There’s a new phishing attack targeting Office 365/SharePoint users.
Cybersecurity is a lot like an ongoing, worldwide game of chess. One side—those defending critical information, IP, money, etc.—put up defenses against attackers—those who want to steal or disrupt those valuable data—Then, the other side adjusts to those new defenses which causes a further reaction from the defenders, and on and on it goes.
It can feel like the attackers are constantly gaining the upper hand and making more of the correct chess moves to get what they want. Because in many cases they are. The latest threat impacting users of Microsoft Office 365™ feels like one of those moves, but with the right safeguards in place, there is hope for the good guys.
Security researchers recently discovered a new type of phishing attack against Office 365 called “PhishPoint.” The tactic was outlined in this Redmond Media post last week.
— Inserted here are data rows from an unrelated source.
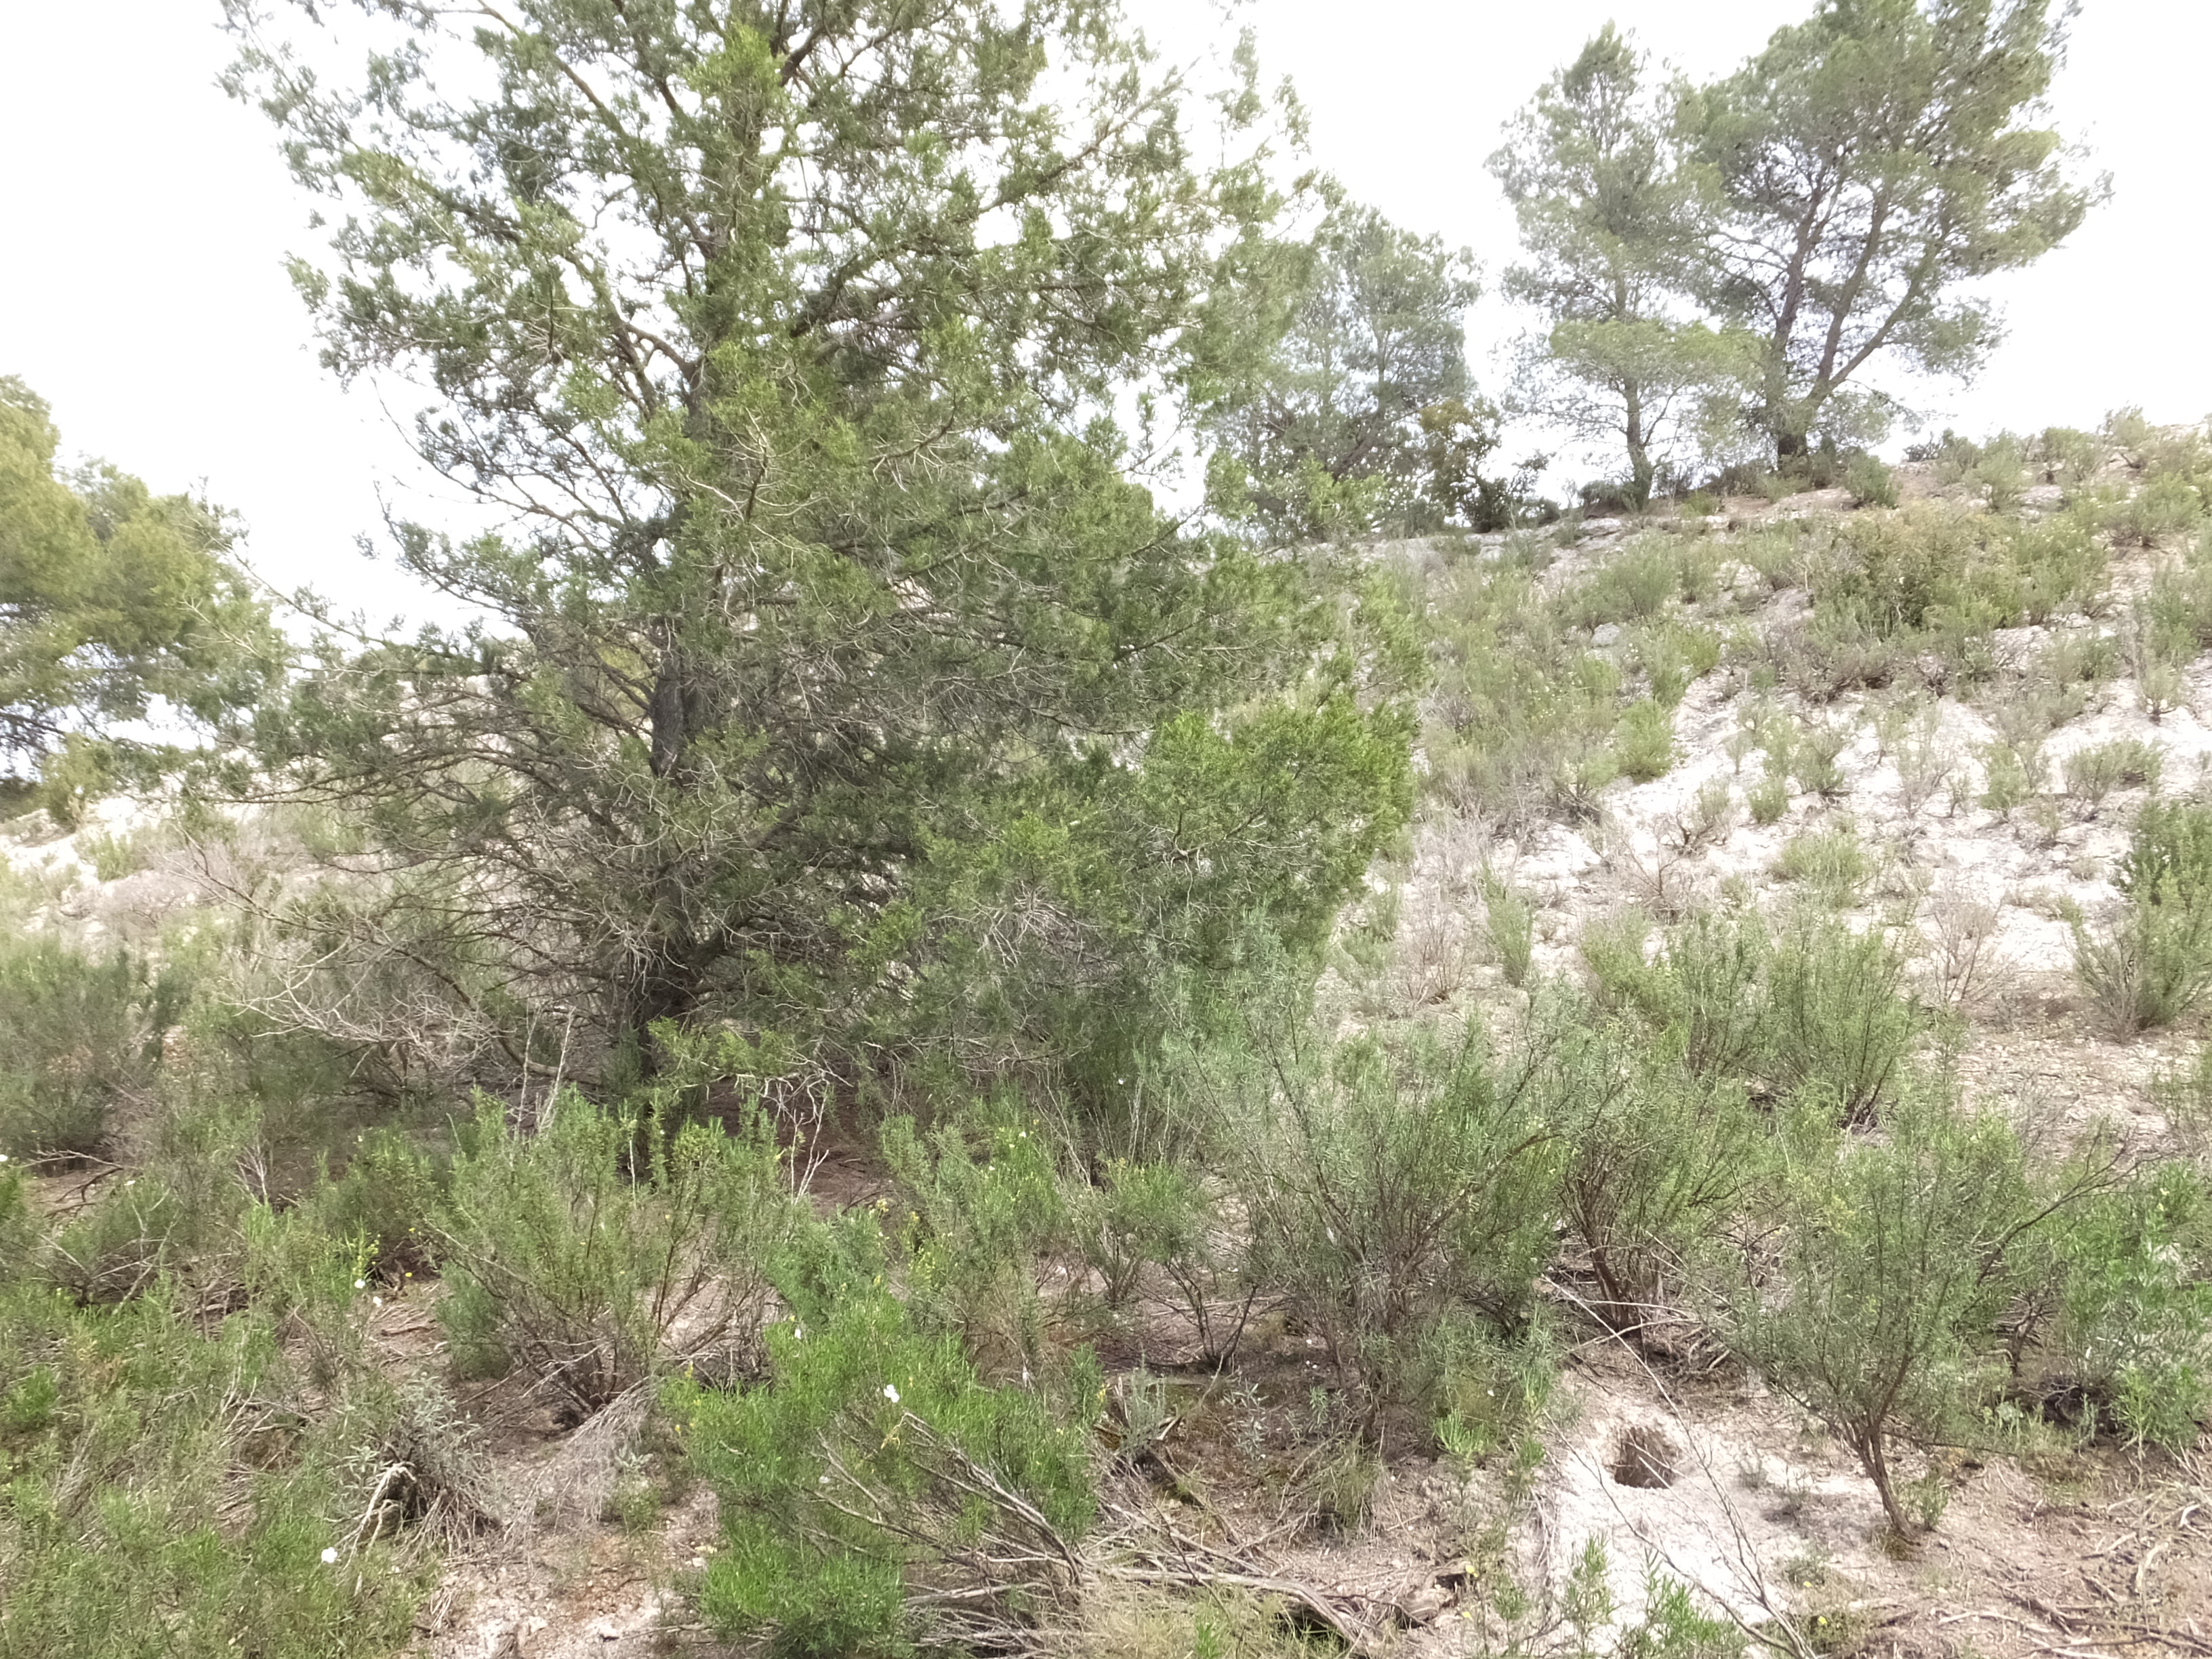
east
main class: Woodland
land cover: Pine dominated mixed woodland
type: coniferous forest of the mediterranean region
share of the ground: 50 - 75 %
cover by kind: coniferous forest trees 60 %, broadleaved forest trees 20 %, shrubs 20 %
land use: Forestry
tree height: > 5 m
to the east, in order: Pine dominated mixed woodland; Shrubland with sparse tree cover; Other bare soil; Shruby margins; Other bare soil; Shruby margins; Tracks; Shrubland without tree cover
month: May
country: ES
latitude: 41.4747
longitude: -0.2784

This type of attack bypasses many typical methods of defense and can prove especially insidious against unsuspecting users.
What is “PhishPoint?”
Here’s how this phishing attack works: a target gets an email with a link to access a SharePoint document, the type of message Office 365 users receive everyday if their organization uses SharePoint.
The problem here is this email hyperlink is a fake. Users get duped into clicking the URL to access the file, but what opens is a spoofed landing page where the target is directed to provide their Office 365 login credentials. This is how the attacker can get access to critical systems, by stealing are users login credentials.
While this may seem like a standard phishing scam, there’s more to the story: these attacks are originating from legitimate Office 365 free trial accounts. The SharePoint documents are real documents and are themselves not malicious and thus can bypass malware detection.
Why is Office 365/SharePoint Used for Phishing?
Attackers are taking advantage of—and using—cloud services like Google and Office 365 to host their attacks. They do this because these services are highly-trusted and are extensively used for legitimate purposes and thus can’t be blocked out-of-hand.
Making it even easier and cost-effective for the attacker, many of these services provide free access to trial accounts with little or no identity verification or background checks. So, not surprisingly they are becoming a strong draw for attackers – easy to get and hard to detect.
How Can Organizations Fight Back?
All is not lost. There are a number of techniques email security providers can do to detect and stop these types of attacks, such as using pattern detection, URL structure analysis and advanced malware inspections, such as static file analysis and behavioral sandboxing to detect and block them.
In addition, user security awareness training continues to be a key element of a strong defense. Ensuring your users are educated and know the right things to look for when accessing or sharing sensitive information is an important way to fight back as well.
In this particular case, it may be good practice to remind users not to click on any SharePoint requests unless they are fully aware of where it’s coming from and that receiving it makes sense.
The game of chess between the good guys and the bad guys continues, as it has and will for many years to come.